In this age of high stakes, Cream, Buffalo Springfield, and the Yardbirds had popularized the idea of the
supergroup
—a dream team of famous musicians invariably represented by a supermanager. As the crossroads year of 1969 marked profound changes in the very structure of the record business, a young, curly-haired agent by the name of David Geffen was getting noticed. He was the perfect symbol of the new era.
David Geffen’s personal Goliath was the entire entertainment industry. Called “King David” by his doting mother, he had found a role model when, still just a teenager, he read a biography of MGM mogul Louis B. Mayer. He fibbed his way into the William Morris Agency by faking UCLA qualifications, and his lowly job in the company’s mail room proved to be an effective trampoline. By reading the letters he was sorting, he not only followed the agency’s affairs, he learned the art of negotiation.
Clive Davis was the first record mogul to notice him. One of the flower children who had enchanted Davis at Monterey was sultry singer-songwriter Laura Nyro, and Geffen was her agent. Although Nyro failed to make a major breakthrough on CBS, the twenty-five-year-old Geffen had the wisdom to set up her own publishing company, Tuna Fish Music, taking a 50 percent equity share for his troubles. Pending the settlement of a legal dispute with impresario Artie Mogull over Nyro’s publishing rights, Geffen negotiated the sale of Tuna Fish Music to Clive Davis—a contentious, messy deal that in the end earned Geffen a couple of million.
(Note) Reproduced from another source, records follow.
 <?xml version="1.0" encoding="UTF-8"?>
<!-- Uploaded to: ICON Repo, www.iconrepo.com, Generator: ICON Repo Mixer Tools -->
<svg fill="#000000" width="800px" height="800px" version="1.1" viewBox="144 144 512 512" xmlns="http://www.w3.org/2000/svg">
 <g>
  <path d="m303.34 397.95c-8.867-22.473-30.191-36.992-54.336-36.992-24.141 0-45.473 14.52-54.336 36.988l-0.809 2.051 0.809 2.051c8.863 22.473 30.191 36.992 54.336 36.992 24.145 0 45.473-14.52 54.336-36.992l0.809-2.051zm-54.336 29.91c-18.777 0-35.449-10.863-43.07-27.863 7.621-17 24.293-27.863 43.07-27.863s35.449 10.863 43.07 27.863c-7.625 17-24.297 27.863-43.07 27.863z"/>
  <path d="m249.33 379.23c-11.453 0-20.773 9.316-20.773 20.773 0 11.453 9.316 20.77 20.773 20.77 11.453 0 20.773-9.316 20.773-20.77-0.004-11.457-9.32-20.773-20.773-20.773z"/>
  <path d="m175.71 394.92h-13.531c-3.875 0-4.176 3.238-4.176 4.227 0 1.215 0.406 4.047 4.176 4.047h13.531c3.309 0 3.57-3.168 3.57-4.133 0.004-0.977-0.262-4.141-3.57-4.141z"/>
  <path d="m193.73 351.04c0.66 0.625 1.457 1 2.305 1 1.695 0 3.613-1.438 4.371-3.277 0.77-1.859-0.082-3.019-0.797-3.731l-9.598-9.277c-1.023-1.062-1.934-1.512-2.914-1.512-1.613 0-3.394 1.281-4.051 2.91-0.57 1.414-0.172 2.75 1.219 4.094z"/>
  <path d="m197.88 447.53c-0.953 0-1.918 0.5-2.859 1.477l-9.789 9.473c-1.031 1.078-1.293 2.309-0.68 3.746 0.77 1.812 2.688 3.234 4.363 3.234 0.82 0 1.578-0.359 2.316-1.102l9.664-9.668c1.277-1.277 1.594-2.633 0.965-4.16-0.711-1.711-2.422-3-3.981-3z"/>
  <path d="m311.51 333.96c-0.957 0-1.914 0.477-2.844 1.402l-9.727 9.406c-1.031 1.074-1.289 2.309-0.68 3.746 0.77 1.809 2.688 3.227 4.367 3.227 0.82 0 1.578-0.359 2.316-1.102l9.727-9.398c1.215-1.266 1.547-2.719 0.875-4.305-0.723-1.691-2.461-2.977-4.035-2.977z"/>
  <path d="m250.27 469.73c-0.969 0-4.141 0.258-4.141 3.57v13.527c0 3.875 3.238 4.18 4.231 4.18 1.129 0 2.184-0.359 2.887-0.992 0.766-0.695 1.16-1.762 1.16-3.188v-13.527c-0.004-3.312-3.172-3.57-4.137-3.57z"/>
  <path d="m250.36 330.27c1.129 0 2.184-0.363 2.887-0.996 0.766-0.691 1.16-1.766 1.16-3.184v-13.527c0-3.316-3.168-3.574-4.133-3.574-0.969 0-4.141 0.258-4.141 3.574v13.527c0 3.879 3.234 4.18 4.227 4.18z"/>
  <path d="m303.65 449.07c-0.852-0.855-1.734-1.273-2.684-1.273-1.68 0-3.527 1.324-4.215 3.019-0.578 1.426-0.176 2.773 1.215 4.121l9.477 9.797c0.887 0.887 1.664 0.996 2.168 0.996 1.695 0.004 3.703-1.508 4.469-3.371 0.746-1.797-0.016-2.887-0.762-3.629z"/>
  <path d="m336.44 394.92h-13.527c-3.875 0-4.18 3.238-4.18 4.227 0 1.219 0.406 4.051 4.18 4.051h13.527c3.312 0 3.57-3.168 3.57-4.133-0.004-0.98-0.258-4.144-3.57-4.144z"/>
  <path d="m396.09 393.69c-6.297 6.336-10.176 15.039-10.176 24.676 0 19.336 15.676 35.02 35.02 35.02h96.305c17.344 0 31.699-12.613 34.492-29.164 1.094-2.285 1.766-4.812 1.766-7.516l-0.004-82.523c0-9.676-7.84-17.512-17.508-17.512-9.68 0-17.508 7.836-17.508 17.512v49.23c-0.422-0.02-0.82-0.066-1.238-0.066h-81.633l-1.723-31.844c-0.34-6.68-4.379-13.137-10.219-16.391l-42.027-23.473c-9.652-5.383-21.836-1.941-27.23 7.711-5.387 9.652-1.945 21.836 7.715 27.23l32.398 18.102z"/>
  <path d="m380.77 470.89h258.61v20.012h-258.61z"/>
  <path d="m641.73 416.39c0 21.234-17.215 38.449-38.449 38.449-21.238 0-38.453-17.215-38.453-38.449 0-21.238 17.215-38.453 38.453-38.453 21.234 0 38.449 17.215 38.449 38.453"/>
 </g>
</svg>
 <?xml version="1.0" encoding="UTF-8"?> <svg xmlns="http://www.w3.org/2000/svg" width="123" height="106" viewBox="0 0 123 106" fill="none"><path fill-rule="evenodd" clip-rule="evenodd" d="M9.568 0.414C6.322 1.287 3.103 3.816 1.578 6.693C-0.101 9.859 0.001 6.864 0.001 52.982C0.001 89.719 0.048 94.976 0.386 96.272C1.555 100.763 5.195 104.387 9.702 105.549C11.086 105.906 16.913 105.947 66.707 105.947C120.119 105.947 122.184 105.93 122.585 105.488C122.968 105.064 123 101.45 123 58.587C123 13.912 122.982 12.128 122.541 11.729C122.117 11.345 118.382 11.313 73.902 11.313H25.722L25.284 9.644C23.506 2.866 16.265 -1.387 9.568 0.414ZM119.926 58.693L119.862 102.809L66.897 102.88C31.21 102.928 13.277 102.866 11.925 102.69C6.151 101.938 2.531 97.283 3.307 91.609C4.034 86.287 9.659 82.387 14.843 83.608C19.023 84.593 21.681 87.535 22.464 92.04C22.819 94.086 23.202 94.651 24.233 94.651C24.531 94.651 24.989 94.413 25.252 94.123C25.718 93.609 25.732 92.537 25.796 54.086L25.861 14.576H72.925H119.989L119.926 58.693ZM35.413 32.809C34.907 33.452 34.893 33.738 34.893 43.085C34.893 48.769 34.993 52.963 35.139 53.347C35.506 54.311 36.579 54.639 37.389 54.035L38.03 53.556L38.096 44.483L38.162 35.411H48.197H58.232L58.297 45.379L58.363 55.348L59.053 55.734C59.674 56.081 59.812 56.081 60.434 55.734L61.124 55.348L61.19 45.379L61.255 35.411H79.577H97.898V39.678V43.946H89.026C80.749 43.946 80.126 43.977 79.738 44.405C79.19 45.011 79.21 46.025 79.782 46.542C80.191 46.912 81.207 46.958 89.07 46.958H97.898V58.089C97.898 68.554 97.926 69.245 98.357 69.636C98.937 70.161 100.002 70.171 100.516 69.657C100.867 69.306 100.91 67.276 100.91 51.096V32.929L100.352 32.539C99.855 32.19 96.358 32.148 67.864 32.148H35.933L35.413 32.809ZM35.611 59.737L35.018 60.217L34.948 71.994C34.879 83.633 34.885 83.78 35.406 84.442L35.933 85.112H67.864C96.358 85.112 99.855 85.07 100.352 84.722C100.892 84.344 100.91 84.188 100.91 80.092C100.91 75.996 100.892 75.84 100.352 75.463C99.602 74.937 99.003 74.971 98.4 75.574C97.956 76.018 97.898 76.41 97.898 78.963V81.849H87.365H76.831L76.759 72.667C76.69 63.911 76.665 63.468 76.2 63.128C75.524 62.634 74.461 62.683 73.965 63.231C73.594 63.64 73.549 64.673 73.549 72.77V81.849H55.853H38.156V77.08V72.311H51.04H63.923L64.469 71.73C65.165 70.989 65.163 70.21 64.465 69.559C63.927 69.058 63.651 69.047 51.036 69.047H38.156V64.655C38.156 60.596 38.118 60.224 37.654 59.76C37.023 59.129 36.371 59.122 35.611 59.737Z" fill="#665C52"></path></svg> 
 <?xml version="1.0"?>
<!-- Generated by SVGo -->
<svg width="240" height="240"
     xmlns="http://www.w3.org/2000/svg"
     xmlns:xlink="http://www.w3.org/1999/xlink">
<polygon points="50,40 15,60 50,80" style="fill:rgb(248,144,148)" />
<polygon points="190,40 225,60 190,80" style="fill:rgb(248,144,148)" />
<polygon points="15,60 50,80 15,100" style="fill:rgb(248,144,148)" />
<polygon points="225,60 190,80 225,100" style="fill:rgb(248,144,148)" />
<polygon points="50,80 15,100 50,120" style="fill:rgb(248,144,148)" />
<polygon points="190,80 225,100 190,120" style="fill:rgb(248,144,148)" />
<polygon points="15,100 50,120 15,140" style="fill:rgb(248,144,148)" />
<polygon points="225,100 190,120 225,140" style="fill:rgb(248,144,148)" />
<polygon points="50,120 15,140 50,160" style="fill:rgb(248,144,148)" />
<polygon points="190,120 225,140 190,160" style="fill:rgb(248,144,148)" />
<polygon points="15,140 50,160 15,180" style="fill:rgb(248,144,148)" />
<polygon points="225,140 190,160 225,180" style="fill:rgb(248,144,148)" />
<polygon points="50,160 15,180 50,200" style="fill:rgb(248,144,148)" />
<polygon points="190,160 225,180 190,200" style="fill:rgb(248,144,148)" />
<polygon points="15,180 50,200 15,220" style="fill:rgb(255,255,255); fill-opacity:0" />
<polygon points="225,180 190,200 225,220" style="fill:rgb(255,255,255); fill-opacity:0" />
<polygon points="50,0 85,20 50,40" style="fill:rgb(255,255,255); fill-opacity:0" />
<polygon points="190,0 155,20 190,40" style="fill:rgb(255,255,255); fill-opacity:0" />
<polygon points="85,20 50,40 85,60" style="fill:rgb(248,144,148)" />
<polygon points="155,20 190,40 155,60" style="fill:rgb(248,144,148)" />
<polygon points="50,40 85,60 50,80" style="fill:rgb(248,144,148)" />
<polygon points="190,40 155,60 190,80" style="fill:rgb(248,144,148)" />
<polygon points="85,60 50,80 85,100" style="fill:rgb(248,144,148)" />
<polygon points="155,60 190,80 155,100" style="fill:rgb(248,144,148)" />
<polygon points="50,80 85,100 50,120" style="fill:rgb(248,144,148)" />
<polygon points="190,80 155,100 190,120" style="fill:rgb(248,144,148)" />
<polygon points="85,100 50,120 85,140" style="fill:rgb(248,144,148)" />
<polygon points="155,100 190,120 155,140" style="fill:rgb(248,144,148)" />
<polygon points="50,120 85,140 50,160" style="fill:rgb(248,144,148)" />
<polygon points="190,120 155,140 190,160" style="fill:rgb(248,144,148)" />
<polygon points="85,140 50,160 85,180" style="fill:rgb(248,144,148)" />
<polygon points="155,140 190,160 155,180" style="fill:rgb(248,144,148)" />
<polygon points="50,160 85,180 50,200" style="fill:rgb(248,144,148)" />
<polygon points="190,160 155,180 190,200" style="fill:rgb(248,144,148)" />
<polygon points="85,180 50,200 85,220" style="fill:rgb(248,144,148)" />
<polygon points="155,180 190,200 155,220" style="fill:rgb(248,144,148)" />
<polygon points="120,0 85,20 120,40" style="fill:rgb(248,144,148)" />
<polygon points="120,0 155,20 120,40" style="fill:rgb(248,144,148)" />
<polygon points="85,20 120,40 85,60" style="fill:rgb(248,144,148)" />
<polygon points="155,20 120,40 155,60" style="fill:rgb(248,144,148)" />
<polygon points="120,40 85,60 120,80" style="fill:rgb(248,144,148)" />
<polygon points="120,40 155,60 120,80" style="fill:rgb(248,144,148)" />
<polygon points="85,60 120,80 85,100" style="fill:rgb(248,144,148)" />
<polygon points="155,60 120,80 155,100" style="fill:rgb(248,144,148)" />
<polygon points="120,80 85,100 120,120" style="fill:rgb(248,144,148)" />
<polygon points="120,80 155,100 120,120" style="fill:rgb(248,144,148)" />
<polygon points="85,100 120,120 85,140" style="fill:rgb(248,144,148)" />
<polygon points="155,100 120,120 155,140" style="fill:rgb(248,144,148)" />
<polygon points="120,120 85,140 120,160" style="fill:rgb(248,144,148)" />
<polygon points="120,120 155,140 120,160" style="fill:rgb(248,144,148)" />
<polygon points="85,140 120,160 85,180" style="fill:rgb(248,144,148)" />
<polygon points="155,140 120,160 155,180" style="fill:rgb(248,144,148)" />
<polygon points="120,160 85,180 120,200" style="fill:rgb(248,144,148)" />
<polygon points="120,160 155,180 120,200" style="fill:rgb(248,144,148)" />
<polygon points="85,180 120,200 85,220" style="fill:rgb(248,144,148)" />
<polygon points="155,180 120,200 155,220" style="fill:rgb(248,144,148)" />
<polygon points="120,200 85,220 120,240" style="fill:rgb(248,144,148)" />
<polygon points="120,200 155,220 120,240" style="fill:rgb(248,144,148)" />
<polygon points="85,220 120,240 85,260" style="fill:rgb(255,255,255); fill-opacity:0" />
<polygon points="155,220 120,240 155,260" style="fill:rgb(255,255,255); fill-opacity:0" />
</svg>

Galloping closer to the hippie sunset, Geffen relocated to Los Angeles, where he and partner Elliot Roberts set up a management agency. They tapped straight into the growing singer-songwriter community in Laurel Canyon—a sort of rural-scented mountain retreat overlooking the sprawling metropolis of Los Angeles where David Crosby, Eric Burdon, Mama Cass, Frank Zappa, Jim Morrison, Carl Wilson, and Paul Rothchild all lived. Their first giant break was with Crosby, Stills & Nash, or CSN.